• _Aim of the task_:
The required answer is an exact copy of the lines from the one containing "Q: Monospaced? A: No." to the end of the listing, both included, without any pictures.

[[ Information provided, beginning ]]

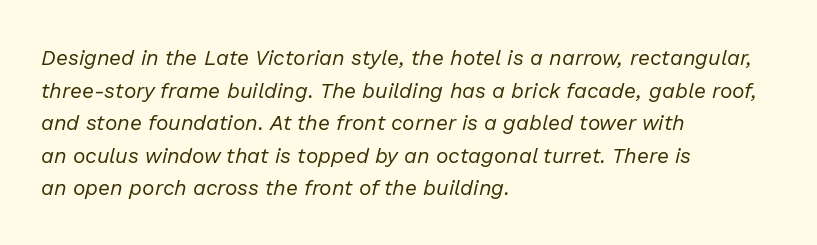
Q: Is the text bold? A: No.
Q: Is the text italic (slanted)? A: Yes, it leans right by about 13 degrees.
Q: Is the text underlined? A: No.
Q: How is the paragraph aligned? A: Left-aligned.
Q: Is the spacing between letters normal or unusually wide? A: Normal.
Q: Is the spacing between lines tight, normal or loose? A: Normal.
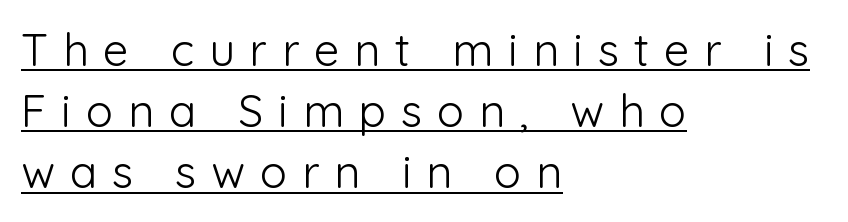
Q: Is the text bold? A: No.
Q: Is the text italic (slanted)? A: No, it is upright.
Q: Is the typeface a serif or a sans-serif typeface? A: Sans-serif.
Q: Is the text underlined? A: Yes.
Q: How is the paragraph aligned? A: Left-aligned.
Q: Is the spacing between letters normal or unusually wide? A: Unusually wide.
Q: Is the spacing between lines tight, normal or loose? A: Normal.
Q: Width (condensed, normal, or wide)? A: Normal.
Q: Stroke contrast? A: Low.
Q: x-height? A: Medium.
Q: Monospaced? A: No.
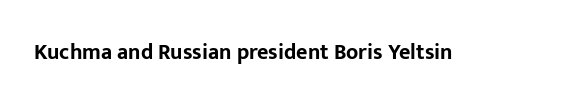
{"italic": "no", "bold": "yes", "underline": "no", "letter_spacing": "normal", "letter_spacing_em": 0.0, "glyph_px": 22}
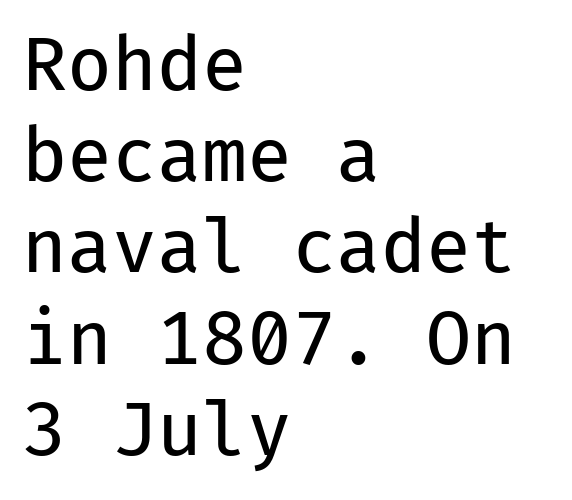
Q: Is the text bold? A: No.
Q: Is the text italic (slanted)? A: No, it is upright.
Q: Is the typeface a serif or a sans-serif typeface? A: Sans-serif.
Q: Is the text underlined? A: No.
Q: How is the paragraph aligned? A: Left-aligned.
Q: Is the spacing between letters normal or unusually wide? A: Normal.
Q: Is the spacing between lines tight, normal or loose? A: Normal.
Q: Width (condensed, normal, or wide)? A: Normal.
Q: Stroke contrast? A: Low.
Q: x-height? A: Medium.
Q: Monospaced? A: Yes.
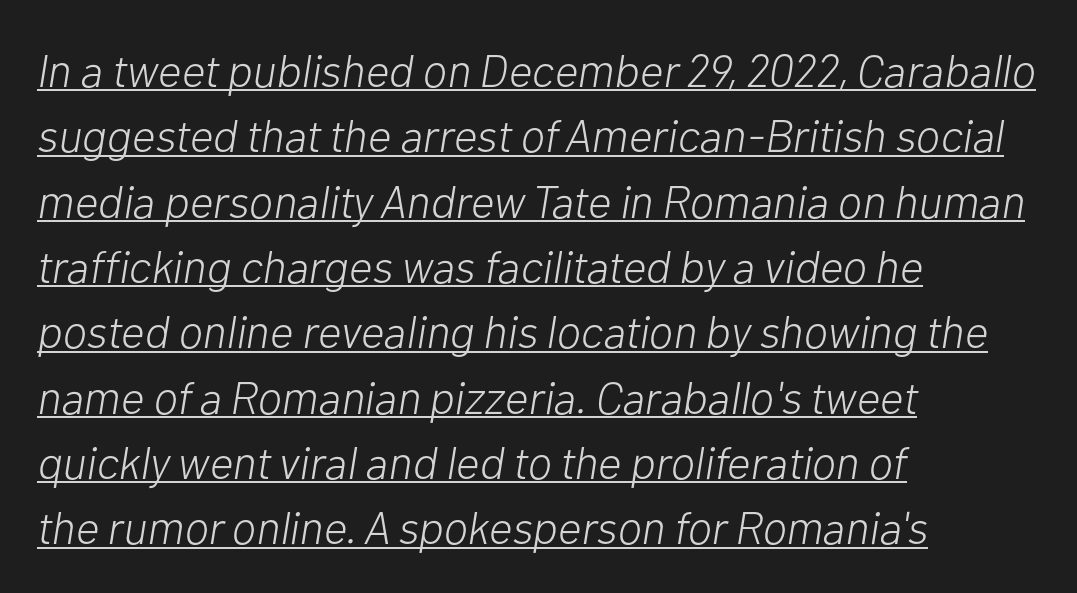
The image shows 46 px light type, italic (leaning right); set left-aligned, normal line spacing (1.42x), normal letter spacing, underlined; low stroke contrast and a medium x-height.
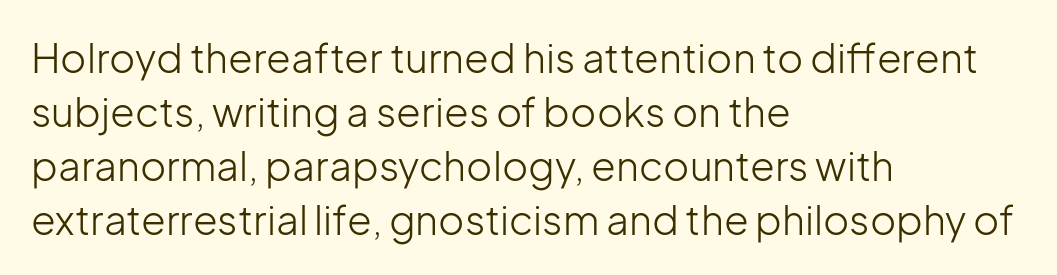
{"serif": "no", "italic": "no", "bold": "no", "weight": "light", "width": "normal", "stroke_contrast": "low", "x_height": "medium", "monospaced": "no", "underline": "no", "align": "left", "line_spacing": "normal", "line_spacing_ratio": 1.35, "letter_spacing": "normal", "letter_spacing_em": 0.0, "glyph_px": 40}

[[ Information provided, end ]]

• _Task answer_:
Q: Monospaced? A: No.
{"italic": "no", "bold": "yes", "underline": "no", "letter_spacing": "normal", "letter_spacing_em": 0.0, "glyph_px": 22}
Q: Is the text bold? A: No.
Q: Is the text italic (slanted)? A: No, it is upright.
Q: Is the typeface a serif or a sans-serif typeface? A: Sans-serif.
Q: Is the text underlined? A: No.
Q: How is the paragraph aligned? A: Left-aligned.
Q: Is the spacing between letters normal or unusually wide? A: Normal.
Q: Is the spacing between lines tight, normal or loose? A: Normal.
Q: Width (condensed, normal, or wide)? A: Normal.
Q: Stroke contrast? A: Low.
Q: x-height? A: Medium.
Q: Monospaced? A: Yes.
The image shows 46 px light type, italic (leaning right); set left-aligned, normal line spacing (1.42x), normal letter spacing, underlined; low stroke contrast and a medium x-height.
{"serif": "no", "italic": "no", "bold": "no", "weight": "light", "width": "normal", "stroke_contrast": "low", "x_height": "medium", "monospaced": "no", "underline": "no", "align": "left", "line_spacing": "normal", "line_spacing_ratio": 1.35, "letter_spacing": "normal", "letter_spacing_em": 0.0, "glyph_px": 40}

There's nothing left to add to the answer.